Dans le plan recto-vaginal, la limite inférieure de la dissection se situe au niveau du cap anal (fig. 11.10). La dissection est poursuivie latéralement au cap anal, en profondeur pour découvrir les muscles élévateurs de l’anus (fig. 11.11). Dans cette partie latérale nous pouvons voir les vaisseaux rectaux moyens ; ils seront respectés ou coagulés selon l’espace disponible. À la fin de la dissection, les muscles releveurs de l’anus apparaissent. Il est important de bien les identifier.
À ce niveau, la dissection doit être suffisante pour permettre le passage facile des sutures dans cet espace étroit au contact direct du plancher pelvien.

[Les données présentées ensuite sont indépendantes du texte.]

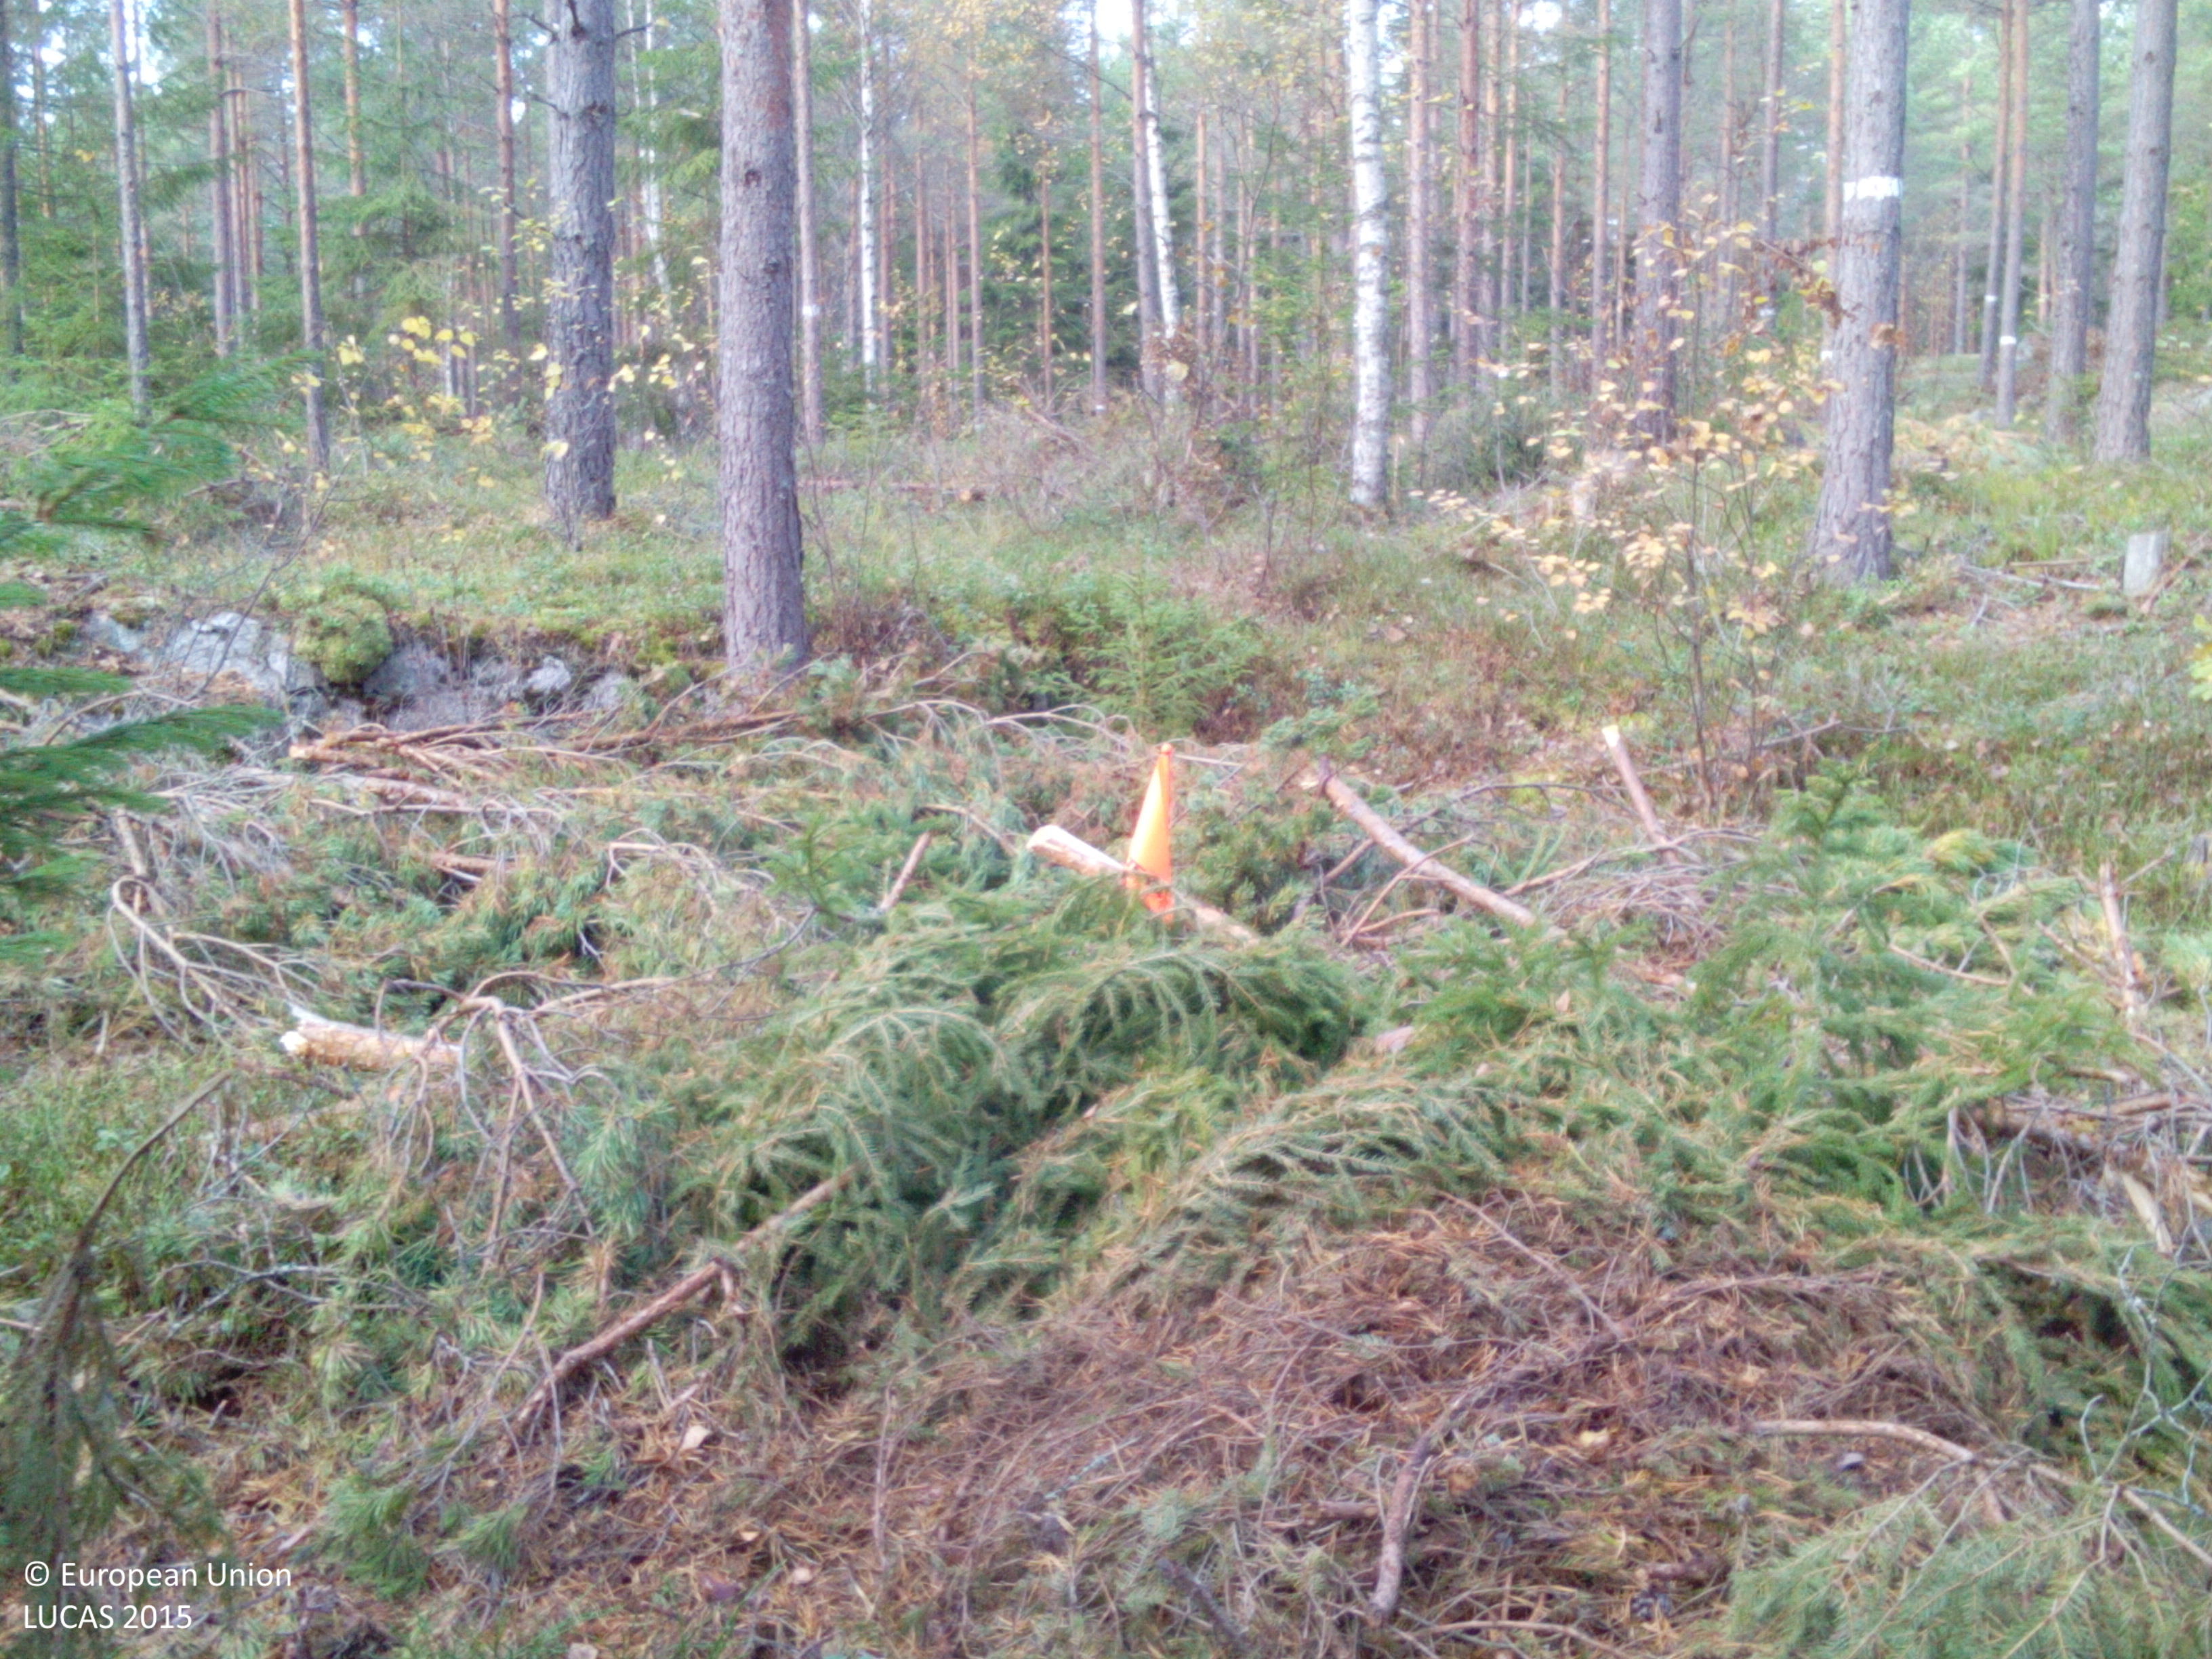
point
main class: Woodland
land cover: Pine dominated coniferous woodland
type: boreal forest
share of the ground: > 75 %
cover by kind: coniferous forest trees 80 %, lichens and mosses 10 %, broadleaved forest trees 5 %, herbaceous plants 5 %
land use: Forestry
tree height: > 5 m
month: October
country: SE
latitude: 58.9935
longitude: 16.2768
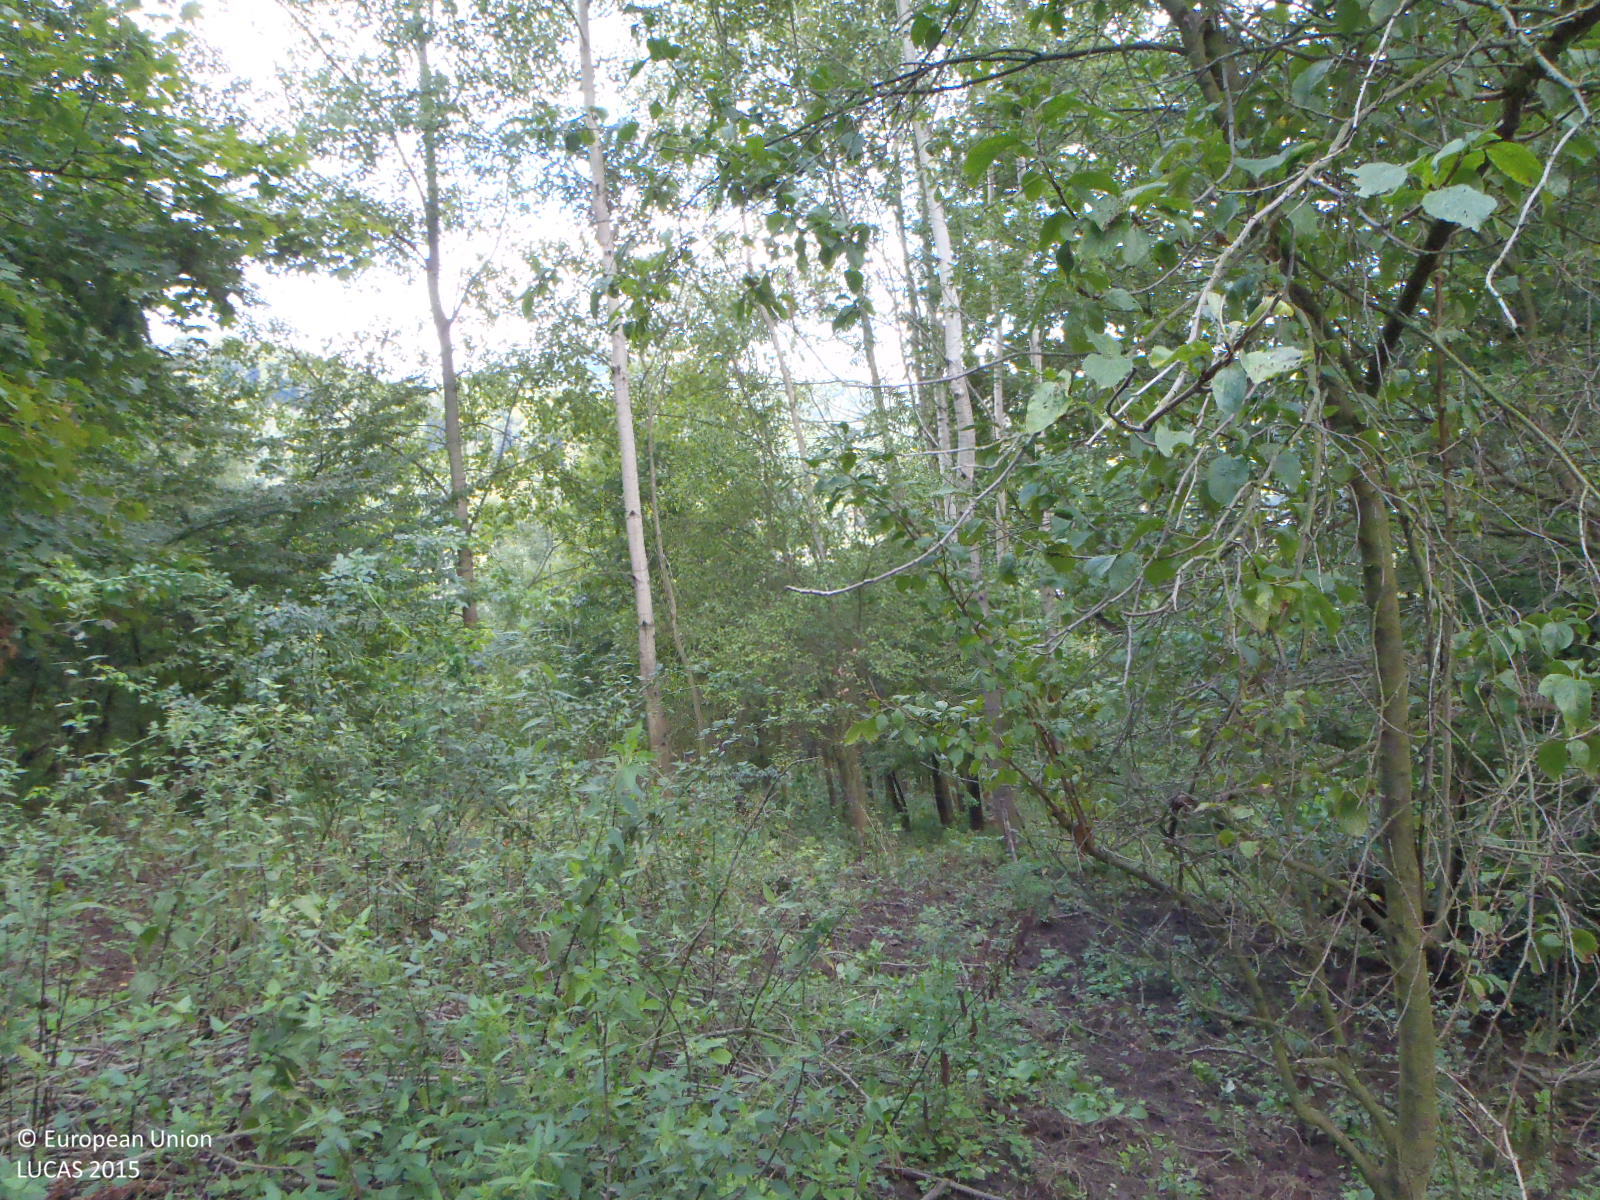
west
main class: Woodland
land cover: Broadleaved woodland
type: mesophytic deciduous forest
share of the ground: > 75 %
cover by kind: broadleaved forest trees 75 %, herbaceous plants 10 %, unconsolidated bare surface 10 %, shrubs 5 %
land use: Forestry
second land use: Agriculture (excluding fallow land and kitchen gardens)
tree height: > 5 m
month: September
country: CZ
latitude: 50.7009
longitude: 14.2064
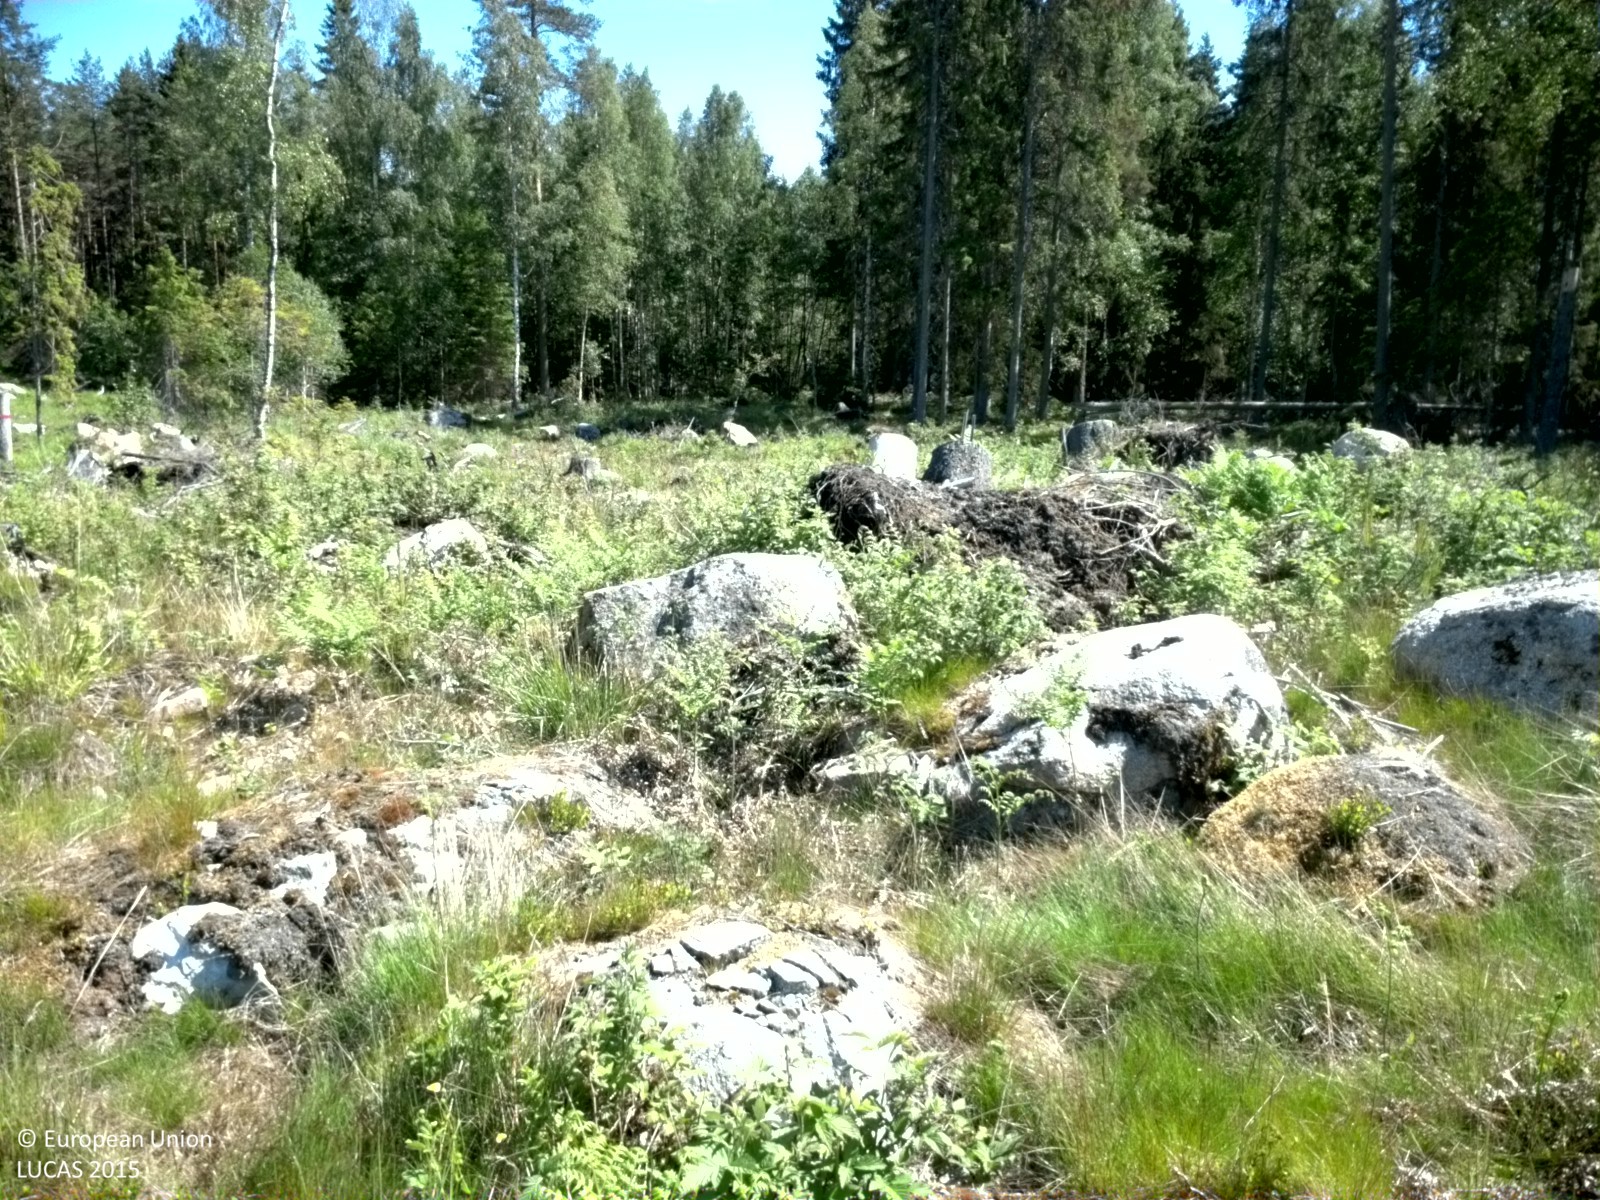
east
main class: Grassland
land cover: Grassland with sparse tree/shrub cover
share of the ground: > 75 %
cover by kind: herbaceous plants 65 %, shrubs 10 %, consolidated bare surface 10 %, broadleaved forest trees 5 %
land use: Forestry
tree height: > 5 m
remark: Clear cut
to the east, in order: Grassland with sparse tree/shrub cover; Broadleaved woodland; Spruce dominated mixed woodland; Fences; Spruce dominated mixed woodland; Other coniferous woodland
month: June
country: SE
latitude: 60.2472
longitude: 17.5978

L’espace disséqué est limité alors par les muscles élévateurs de l’anus et la paroi pelvienne latéralement, le cap anal médialement, le vagin en avant, le rectum en arrière (fig. 11.12).
Hystérectomie subtotale ou exposition du fond vaginal et dissection vésico-vaginale
La technique de réalisation de l’hystérectomie est classique et elle a été précédemment décrite. Contrairement à une hystérectomie simple (totale ou subtotale) la dissection antérieure est toujours plus poussée sous la vessie ( vidéos 11.4, 11.5 et 11.6).